С таким напутствием сестры он начал разрывать конверт.
— Секундочку! — В памяти у него вдруг всплыл недавно прочитанный детектив, в котором брошенная, как щенок, девушка решила отомстить своему любовнику. Для этого намазала изнутри конверт сильнодействующим ядом, распространенным на Малайском полуострове, — с тем, чтобы яд попал на пальцы бывшего любовника, когда он будет его открывать.
— Томоэ, а Сингапур — на Малайском полуострове?
— Естественно.
— Яд, — тихо сказал Такамори. — Послушай, открой лучше ты.
— Почему это?
— Почему, почему! Потому что я об этой Харуко не имею ни малейшего понятия, а ты делаешь какие-то безосновательные намеки, — сердито сказал Такамори.
— Если ты уверен, я распечатаю прямо тут.
Любопытство, свойственное женщинам, овладело ею, и пальчики с красным маникюром уже тянулись за конвертом.
— Читай вслух. Мне нечего бояться. Девушки сегодня слишком подозрительны и ревнивы.
Такамори смотрел, как Томоэ умело открывает конверт и вынимает письмо, написанное на тонкой прозрачной бумаге и сложенное в четыре раза. Снедаемый любопытством, он заглянул через плечо сестры. Текст письма походил на ряд маленьких черепашек, выстроившихся под полуденным солнцем. Иероглифы были настолько маленькими и стояли так близко друг к другу, что требовалось увеличительное стекло.
— «Дорогой Такамори, я, наконец, нашла пах...» Что это? — воскликнула Томоэ, покраснев.
Количество китайских иероглифов в японском употреблении резко сократилось, и молодые японцы часто ошибаются в написании, заменяя один иероглиф другим с тем же произношением — или опуская их совсем.
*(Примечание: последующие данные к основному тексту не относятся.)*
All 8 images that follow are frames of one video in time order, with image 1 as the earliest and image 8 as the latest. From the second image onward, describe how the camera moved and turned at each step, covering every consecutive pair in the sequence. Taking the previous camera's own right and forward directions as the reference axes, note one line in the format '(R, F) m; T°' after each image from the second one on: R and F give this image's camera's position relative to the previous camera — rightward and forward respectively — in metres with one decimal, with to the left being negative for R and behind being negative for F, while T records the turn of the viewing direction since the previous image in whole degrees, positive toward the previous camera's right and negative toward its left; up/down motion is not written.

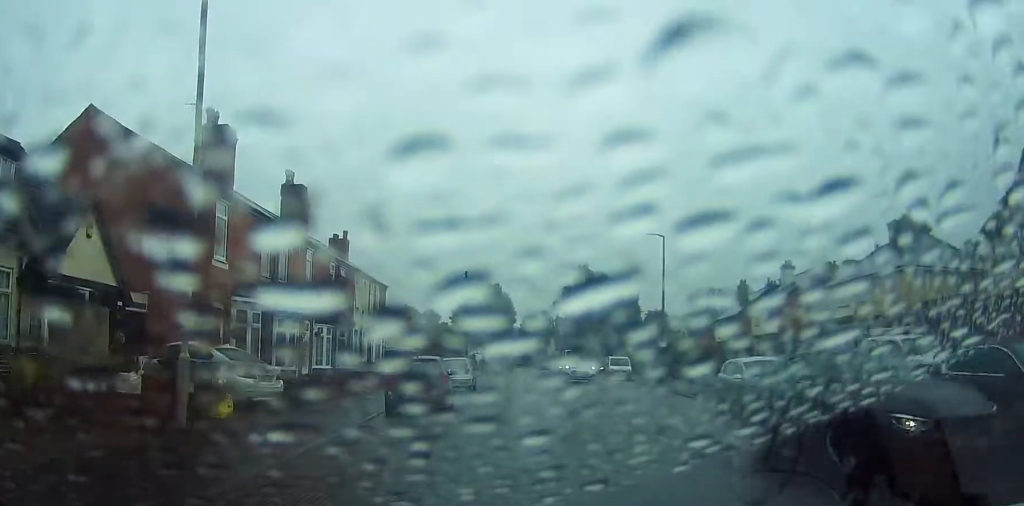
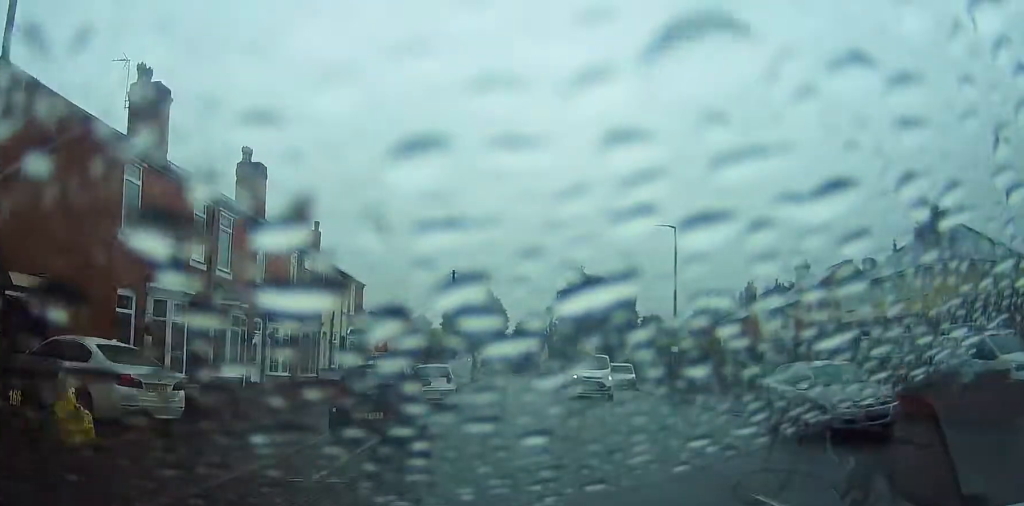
(0.0, +4.8) m; 0°
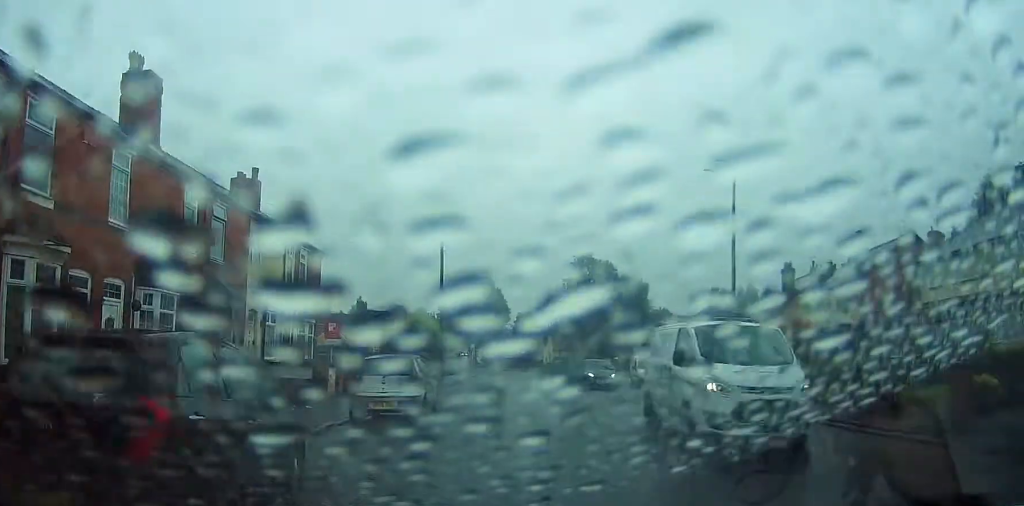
(0.0, +9.3) m; -2°
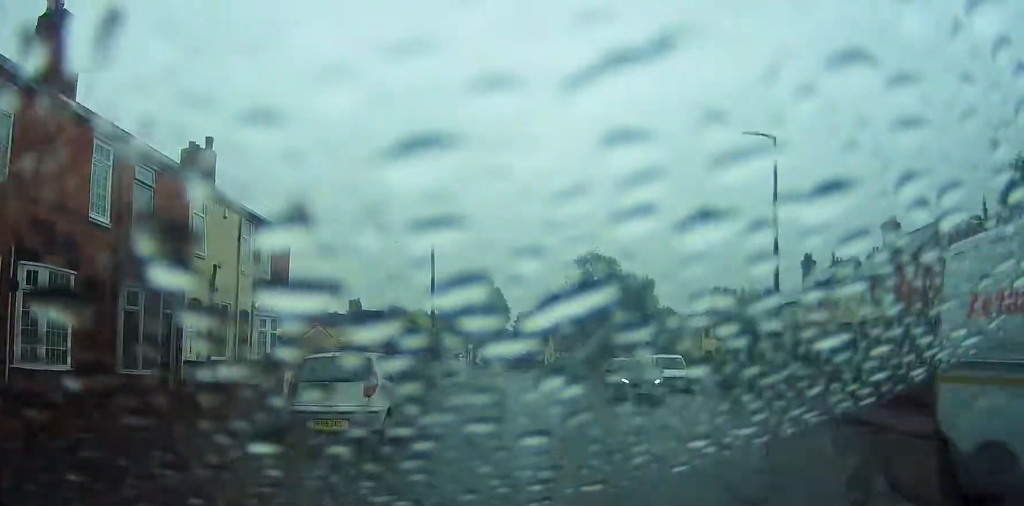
(0.0, +4.7) m; 0°
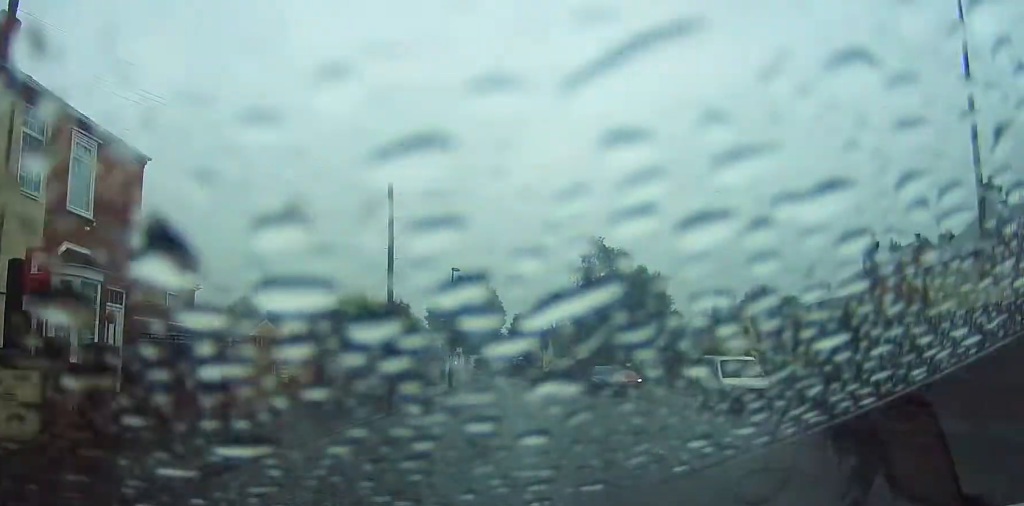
(-0.1, +11.9) m; +1°
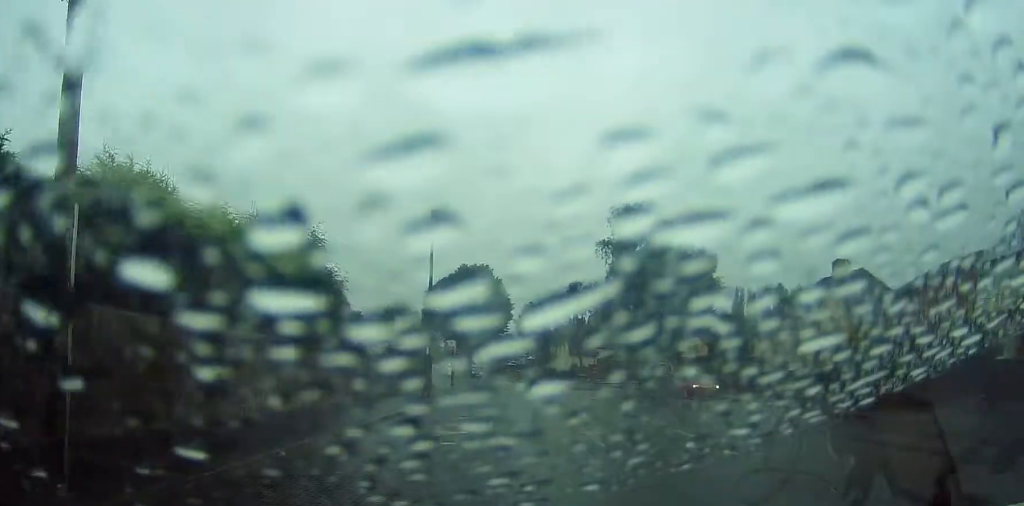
(+0.2, +19.1) m; -1°
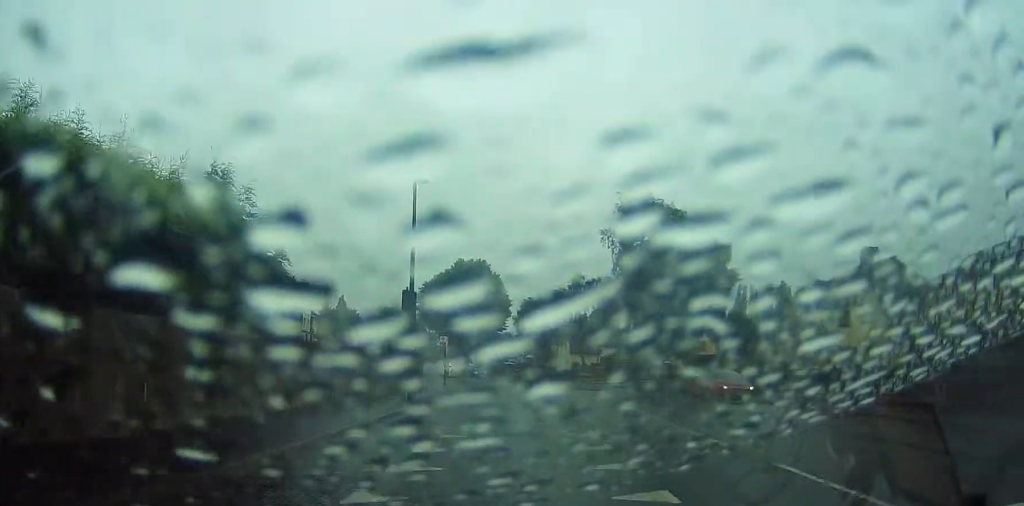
(-0.2, +5.5) m; 0°
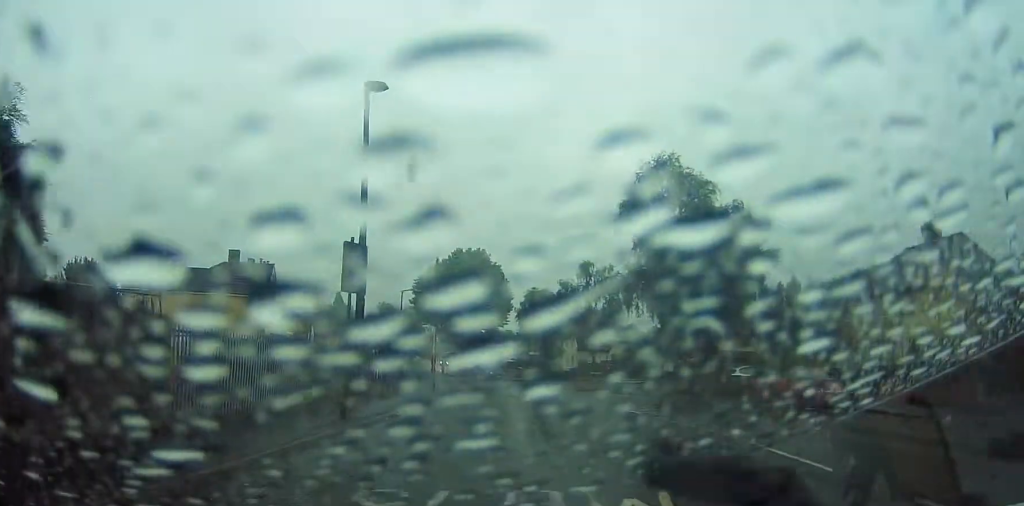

Такамори и Томоэ, дед которых был ученым каллиграфом, исключением тут не были, иероглифику знали плохо, но даже их поразило количество ошибок в письме этой Харуко. Если бы она только опускала иероглифы или заменяла их — это еще куда ни шло. Но в некоторых местах, даже там, где брат с сестрой разбирали написанное, смысл оставался настолько непонятным, что все их усилия скорее напоминали попытки археолога прочитать античные письмена.